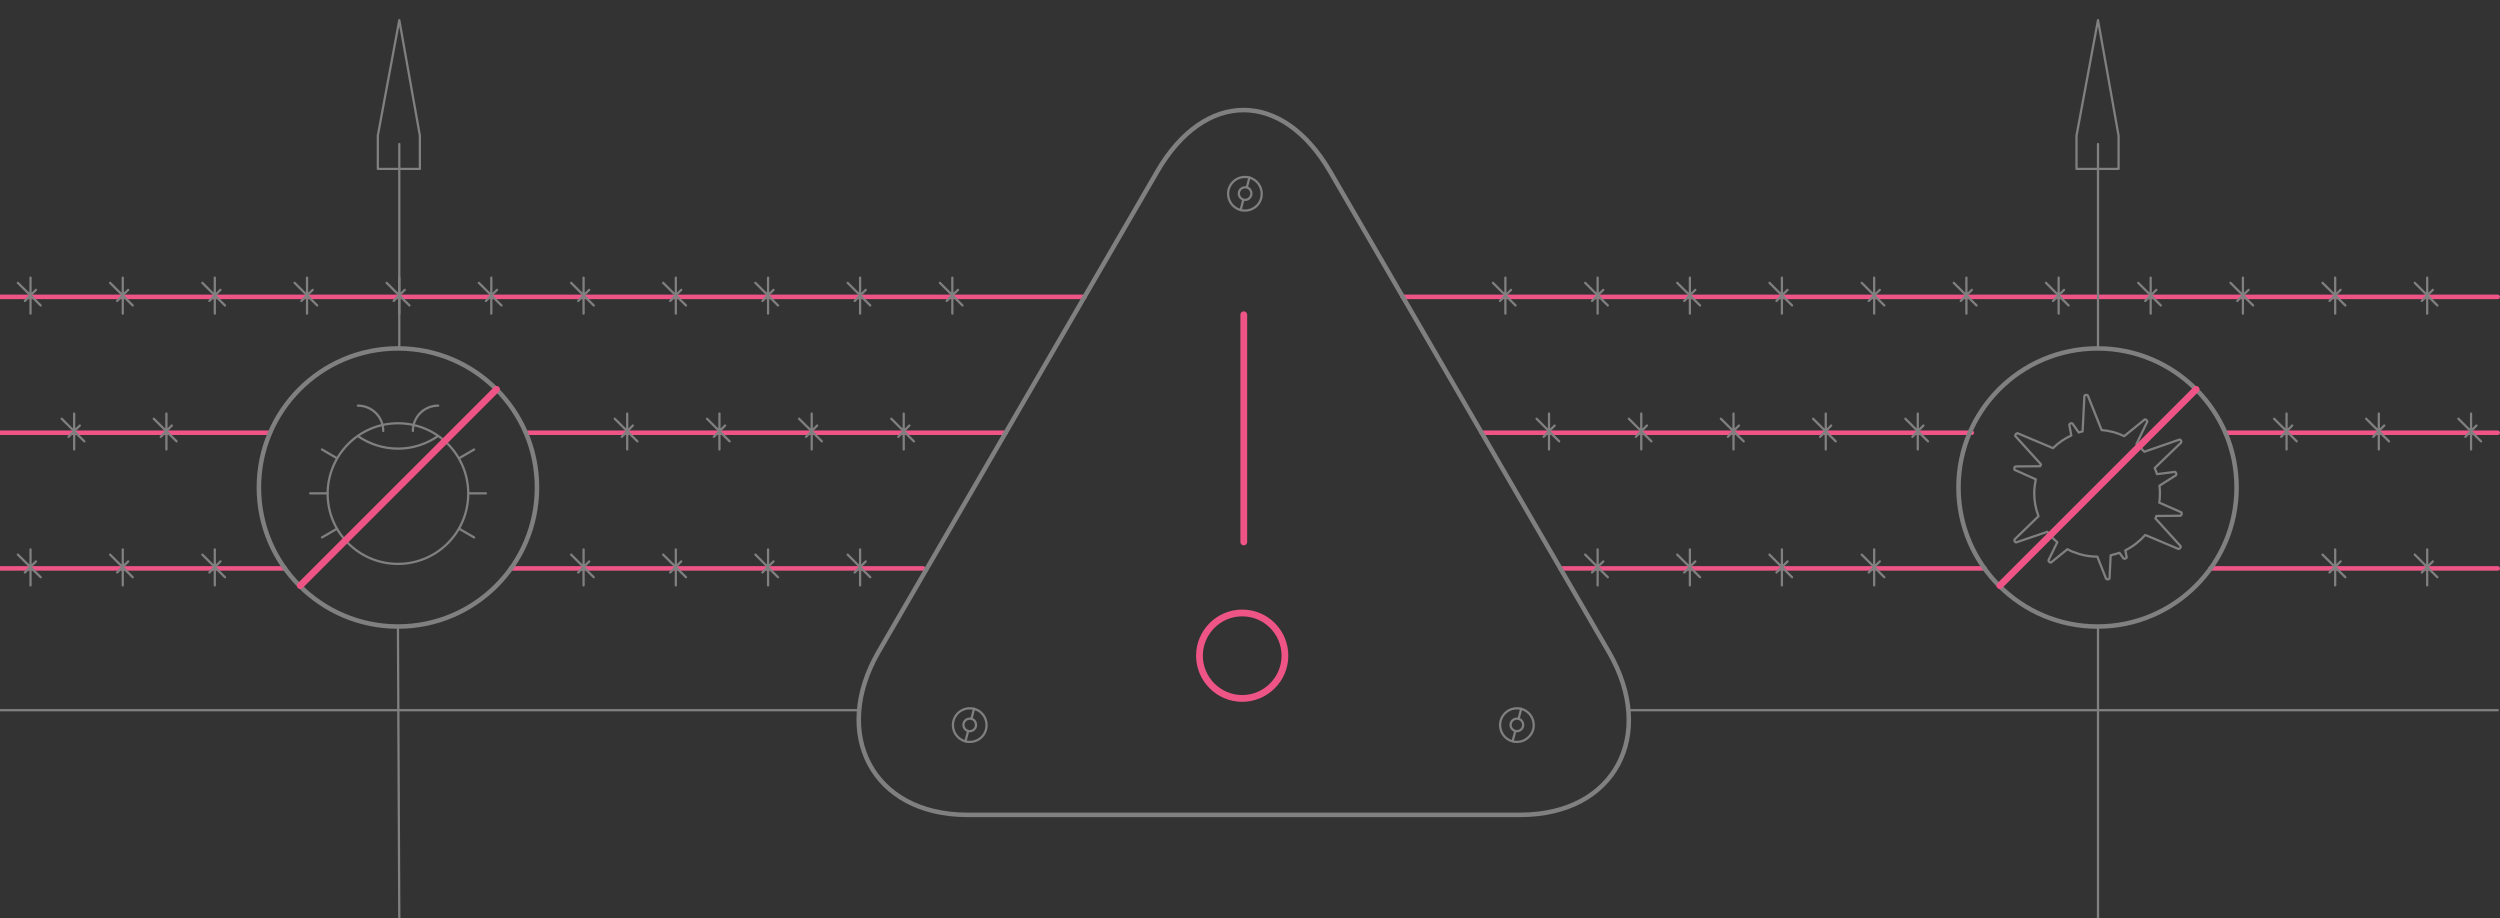 <?xml version="1.0" encoding="utf-8"?>
<!-- Generator: Adobe Illustrator 24.3.0, SVG Export Plug-In . SVG Version: 6.00 Build 0)  -->
<svg version="1.1" id="Layer_1" xmlns="http://www.w3.org/2000/svg" xmlns:xlink="http://www.w3.org/1999/xlink" x="0px" y="0px"
	 viewBox="0 0 1105.7 406" style="enable-background:new 0 0 1105.7 406;" xml:space="preserve">
<rect x="0" y="0" width="1105.7" height="406" fill="#333333" stroke="none"/>
<style type="text/css">
	.quarantine0{fill:#FFFFFF;stroke:#808080;stroke-linecap:round;stroke-linejoin:round;stroke-miterlimit:10;}
	.quarantine1{fill:#FFFFFF;stroke:#EE5586;stroke-width:2;stroke-linecap:round;stroke-linejoin:round;stroke-miterlimit:10;}
	.quarantine2{fill:none;stroke:#808080;stroke-linecap:round;stroke-linejoin:round;stroke-miterlimit:10;}
	.quarantine3{fill:none;stroke:#808080;stroke-width:2;stroke-linecap:round;stroke-linejoin:round;stroke-miterlimit:10;}
	.quarantine4{fill:#FFFFFF;stroke:#EE5586;stroke-width:3;stroke-linecap:round;stroke-linejoin:round;stroke-miterlimit:10;}
	.quarantine5{fill:none;stroke:#EE5586;stroke-width:3;stroke-linecap:round;stroke-linejoin:round;stroke-miterlimit:10;}
</style>
<path class="quarantine0" d="M720.2,314.1h384.5"/>
<path class="quarantine0" d="M-0.8,314.1h380.6"/>
<path id="svg-concept" class="quarantine1" d="M977.7,251.4h127"/>
<path id="svg-concept" class="quarantine1" d="M690.1,251.4h187.6"/>
<path id="svg-concept" class="quarantine1" d="M226,251.4h182.3"/>
<path id="svg-concept" class="quarantine1" d="M-0.8,251.4H126"/>
<path class="quarantine2" d="M18,255.3l-10.1-10 M13.5,258.9V243 M11,253.2l4.9-4.9 M58.7,255.3l-10-10 M54.3,258.9V243 M51.8,253.2l4.9-4.9
	 M99.5,255.3l-10-10 M95,258.9V243 M92.6,253.2l4.9-4.9 M262.6,255.3l-10-10 M258.1,258.9V243 M255.7,253.2l4.9-4.9 M303.4,255.3
	l-10.1-10 M298.9,258.9V243 M296.4,253.2l4.9-4.9 M344.1,255.3l-10-10 M339.7,258.9V243 M337.2,253.2l4.9-4.9"/>
<g>
	<path class="quarantine2" d="M384.9,255.3l-10-10 M380.4,258.9V243 M378,253.2l4.9-4.9"/>
</g>
<g>
	<path class="quarantine2" d="M711.1,255.3l-10-10 M706.6,258.9V243 M704.1,253.2l5-4.9"/>
</g>
<g>
	<path class="quarantine2" d="M751.9,255.3l-10.1-10 M747.4,258.9V243 M744.9,253.2l4.9-4.9"/>
</g>
<g>
	<path class="quarantine2" d="M792.6,255.3l-10-10 M788.1,258.9V243 M785.7,253.2l4.9-4.9"/>
</g>
<g>
	<path class="quarantine2" d="M833.4,255.3l-10-10 M828.9,258.9V243 M826.5,253.2l4.9-4.9"/>
</g>
<g>
	<path class="quarantine2" d="M1037.3,255.3l-10.1-10 M1032.8,258.9V243 M1030.3,253.2l4.9-4.9"/>
</g>
<g>
	<path class="quarantine2" d="M1078,255.3l-10-10 M1073.5,258.9V243 M1071.1,253.2l4.9-4.9"/>
</g>
<path id="svg-concept" class="quarantine1" d="M984.3,191.4h120.4"/>
<path id="svg-concept" class="quarantine1" d="M655.3,191.4h216.8"/>
<path id="svg-concept" class="quarantine1" d="M232.6,191.4h212.2"/>
<path id="svg-concept" class="quarantine1" d="M-0.8,191.4h120.2"/>
<path class="quarantine2" d="M37.3,195.2l-10-10 M32.8,198.8v-15.9 M30.3,193.2l5-5 M78.1,195.2l-10.1-10 M73.6,198.8v-15.9 M71.1,193.2
	l4.9-5 M281.9,195.2l-10-10 M277.4,198.8v-15.9 M275,193.2l4.9-5 M322.7,195.2l-10-10 M318.2,198.8v-15.9 M315.7,193.2l5-5
	 M363.5,195.2l-10.1-10 M359,198.8v-15.9 M356.5,193.2l4.9-5"/>
<g>
	<path class="quarantine2" d="M404.2,195.2l-10-10 M399.7,198.8v-15.9 M397.3,193.2l4.9-5"/>
</g>
<g>
	<path class="quarantine2" d="M689.6,195.2l-10-10 M685.1,198.8v-15.9 M682.7,193.2l4.9-5"/>
</g>
<g>
	<path class="quarantine2" d="M730.4,195.2l-10-10 M725.9,198.8v-15.9 M723.5,193.2l4.9-5"/>
</g>
<g>
	<path class="quarantine2" d="M771.2,195.2l-10.1-10 M766.7,198.8v-15.9 M764.2,193.2l4.9-5"/>
</g>
<g>
	<path class="quarantine2" d="M811.9,195.2l-10-10 M807.5,198.8v-15.9 M805,193.2l4.9-5"/>
</g>
<g>
	<path class="quarantine2" d="M852.7,195.2l-10-10 M848.2,198.8v-15.9 M845.8,193.2l4.9-5"/>
</g>
<g>
	<path class="quarantine2" d="M1015.8,195.2l-10-10 M1011.3,198.8v-15.9 M1008.9,193.2l4.9-5"/>
</g>
<g>
	<path class="quarantine2" d="M1056.6,195.2l-10.1-10 M1052.1,198.8v-15.9 M1049.6,193.2l4.9-5"/>
</g>
<g>
	<path class="quarantine2" d="M1097.3,195.2l-10-10 M1092.9,198.8v-15.9 M1090.4,193.2l4.9-5"/>
</g>
<path id="svg-concept" class="quarantine1" d="M620.4,131.3h484.3"/>
<path id="svg-concept" class="quarantine1" d="M-0.8,131.3h480.5"/>
<path class="quarantine2" d="M18,135.1l-10.1-10 M13.5,138.7v-15.9 M11,133.1l4.9-4.9 M58.7,135.1l-10-10 M54.3,138.7v-15.9 M51.8,133.1
	l4.9-4.9 M99.5,135.1l-10-10 M95,138.7v-15.9 M92.6,133.1l4.9-4.9 M140.3,135.1l-10-10 M135.8,138.7v-15.9 M133.3,133.1l5-4.9
	 M181.1,135.1l-10.1-10 M176.6,138.7v-15.9 M174.1,133.1l4.9-4.9 M221.8,135.1l-10-10 M217.3,138.7v-15.9 M214.9,133.1l4.9-4.9
	 M262.6,135.1l-10-10 M258.1,138.7v-15.9 M255.7,133.1l4.9-4.9 M303.4,135.1l-10.1-10 M298.9,138.7v-15.9 M296.4,133.1l4.9-4.9
	 M344.1,135.1l-10-10 M339.7,138.7v-15.9 M337.2,133.1l4.9-4.9"/>
<g>
	<path class="quarantine2" d="M384.9,135.1l-10-10 M380.4,138.7v-15.9 M378,133.1l4.9-4.9"/>
</g>
<g>
	<path class="quarantine2" d="M425.7,135.1l-10-10 M421.2,138.7v-15.9 M418.7,133.1l5-4.9"/>
</g>
<g>
	<path class="quarantine2" d="M670.3,135.1l-10-10 M665.8,138.7v-15.9 M663.4,133.1l4.9-4.9"/>
</g>
<g>
	<path class="quarantine2" d="M711.1,135.1l-10-10 M706.6,138.7v-15.9 M704.1,133.1l5-4.9"/>
</g>
<g>
	<path class="quarantine2" d="M751.9,135.1l-10.1-10 M747.4,138.7v-15.9 M744.9,133.1l4.9-4.9"/>
</g>
<g>
	<path class="quarantine2" d="M792.6,135.1l-10-10 M788.1,138.7v-15.9 M785.7,133.1l4.9-4.9"/>
</g>
<g>
	<path class="quarantine2" d="M833.4,135.1l-10-10 M828.9,138.7v-15.9 M826.5,133.1l4.9-4.9"/>
</g>
<g>
	<path class="quarantine2" d="M874.2,135.1l-10.1-10 M869.7,138.7v-15.9 M867.2,133.1l4.9-4.9"/>
</g>
<g>
	<path class="quarantine2" d="M914.9,135.1l-10-10 M910.5,138.7v-15.9 M908,133.1l4.9-4.9"/>
</g>
<g>
	<path class="quarantine2" d="M955.7,135.1l-10-10 M951.2,138.7v-15.9 M948.8,133.1l4.9-4.9"/>
</g>
<g>
	<path class="quarantine2" d="M996.5,135.1l-10-10 M992,138.7v-15.9 M989.5,133.1l5-4.9"/>
</g>
<g>
	<path class="quarantine2" d="M1037.3,135.1l-10.1-10 M1032.8,138.7v-15.9 M1030.3,133.1l4.9-4.9"/>
</g>
<g>
	<path class="quarantine2" d="M1078,135.1l-10-10 M1073.5,138.7v-15.9 M1071.1,133.1l4.9-4.9"/>
</g>
<g>
	<path class="quarantine2" d="M548.7,92.9c-4-1.1-6.3-5.1-5.3-9.1c1.1-4,5.1-6.3,9.1-5.3c4,1.1,6.3,5.1,5.3,9.1S552.7,93.9,548.7,92.9z"/>
	<path class="quarantine2" d="M550,88.3c-1.5-0.4-2.4-1.9-2-3.4s1.9-2.3,3.4-2s2.3,1.9,2,3.4C552.9,87.9,551.4,88.7,550,88.3z M548.7,92.9
		l1.2-4.6 M551.4,83l1.2-4.5"/>
</g>
<g>
	<path class="quarantine2" d="M669,327.9c-4-1.1-6.3-5.1-5.3-9.1c1.1-4,5.1-6.3,9.1-5.3c4,1.1,6.3,5.1,5.3,9.1
		C677,326.6,672.9,328.9,669,327.9z"/>
	<path class="quarantine2" d="M670.2,323.3c-1.5-0.4-2.4-1.9-2-3.4s1.9-2.3,3.4-2c1.5,0.4,2.3,1.9,2,3.4
		C673.2,322.8,671.6,323.7,670.2,323.3z M669,327.8l1.2-4.5 M671.6,318l1.2-4.5"/>
</g>
<g>
	<path class="quarantine2" d="M427,327.9c-4-1.1-6.3-5.1-5.3-9.1c1.1-4,5.1-6.3,9.1-5.3s6.3,5.1,5.3,9.1S431,328.9,427,327.9z"/>
	<path class="quarantine2" d="M428.2,323.3c-1.5-0.4-2.4-1.9-2-3.4s1.9-2.3,3.4-2s2.3,1.9,2,3.4C431.2,322.8,429.7,323.7,428.2,323.3z
		 M427,327.8l1.2-4.5 M429.6,318l1.2-4.5"/>
</g>
<path class="quarantine2" d="M185.7,74.7h-18.6V60l9.5-51.1l9.1,51.1V74.7z"/>
<path class="quarantine2" d="M176,277.1l0.6,128.9"/>
<path class="quarantine2" d="M176.6,63.7v90.4"/>
<path class="quarantine2" d="M937,74.7h-18.6V60l9.5-51.1L937,60V74.7z"/>
<path class="quarantine2" d="M927.9,277.1V406"/>
<path class="quarantine2" d="M927.9,63.7v90.4"/>
<circle class="quarantine3" cx="927.7" cy="215.6" r="61.5"/>
<path class="quarantine2" d="M955,222.3c0.2-1.3,0.3-2.7,0.3-4c0-1.2-0.1-2.3-0.2-3.5l7.3-4.6c0.3-0.5,0.1-1.2-0.4-1.5l-8,1
	c-0.3-0.9-0.6-1.8-1-2.7l11.7-11.3c0.2-0.6-0.1-1.2-0.7-1.3l-15.6,5.4c-1.1-1.2-2.2-2.4-3.5-3.4l4.8-9.9c0-0.6-0.5-1-1.1-1l-9.1,7.4
	c-3.1-1.5-6.4-2.4-10-2.7l-6.1-15.3c-0.5-0.4-1.1-0.3-1.5,0.1l-0.8,15.8c-0.6,0.1-1.2,0.3-1.7,0.5l-2.8-4c-0.5-0.3-1.2,0-1.4,0.5
	l0.9,4.8c-3,1.4-5.8,3.3-8.1,5.6l-15.7-6.6c-0.6,0.1-1,0.6-1,1.2l11.4,12.6c-0.1,0.3-0.3,0.6-0.4,0.8l-10.9,0.1
	c-0.5,0.3-0.7,0.9-0.4,1.5l9.4,4.2c-0.4,2-0.7,4.1-0.7,6.2c0,3.6,0.7,7,1.9,10.1L891,238.6c-0.2,0.6,0.1,1.2,0.7,1.3l13.8-4.7
	c1.3,1.7,2.8,3.3,4.4,4.6l-3.9,8c0,0.6,0.5,1,1.1,1l7.3-5.9c0.7,0.4,1.4,0.7,2,1l3.4,1.2c2.5,0.7,5.1,1.1,7.8,1.1l3.9,9.8
	c0.4,0.4,1.1,0.3,1.5-0.1l0.5-10.3c1.3-0.3,2.6-0.7,3.9-1.1l1.8,2.5c0.5,0.3,1.2,0,1.4-0.5l-0.6-3.1c3.4-1.7,6.3-4,8.8-6.8l14.7,6.2
	c0.6-0.1,1-0.6,1-1.2l-11.2-12.3c0.2-0.4,0.3-0.7,0.4-1.1l10.7-0.1c0.5-0.3,0.7-0.9,0.4-1.5L955,222.3L955,222.3z"/>
<path id="svg-concept" class="quarantine4" d="M971.3,172.2L884.5,259"/>
<circle class="quarantine3" cx="176" cy="215.6" r="61.5"/>
<path class="quarantine2" d="M207.1,218.2h7.8 M137.2,218.2h7.8 M203,202.7l6.7-3.9 M142.4,237.7l6.7-3.9 M149.1,202.7l-6.7-3.9
	 M209.7,237.7l-6.7-3.9 M176,187.2c17.2,0,31.1,13.9,31.1,31.1s-13.9,31.1-31.1,31.1s-31.1-13.9-31.1-31.1
	C145,201.1,158.9,187.2,176,187.2z M158.2,192.8c10.7,7.5,24.9,7.5,35.6,0 M182.6,190.6c0-6.2,5-11.2,11.2-11.2 M169.5,190.6
	c0-6.2-5-11.2-11.2-11.2"/>
<path id="svg-concept" class="quarantine4" d="M219.6,172.2L132.8,259"/>
<path class="quarantine3" d="M478.6,133.1l33.2-57.2c21-36.3,55.4-36.3,76.5,0l123.4,212.7c20.9,36.4,2.7,71.7-39.2,71.8H427.7
	c-41.9-0.1-60.1-35.7-39.2-72L478.6,133.1"/>
<g>
	<path id="svg-concept" class="quarantine5" d="M550.1,139.2v100.5 M568.3,290c0,10.4-8.5,18.9-18.9,18.9s-18.9-8.5-18.9-18.9
		s8.5-18.9,18.9-18.9C559.9,271.1,568.3,279.6,568.3,290z"/>
	
		<animate  accumulate="none" additive="replace" attributeName="opacity" calcMode="linear" dur="1s" fill="remove" repeatCount="indefinite" restart="always" values="0;1;0">
		</animate>
</g>
</svg>
********************
* [Problem to solve]: Show each line of the material above where "circle" occurs.

* [Task response]:
<circle class="quarantine3" cx="927.7" cy="215.6" r="61.5"/>
<circle class="quarantine3" cx="176" cy="215.6" r="61.5"/>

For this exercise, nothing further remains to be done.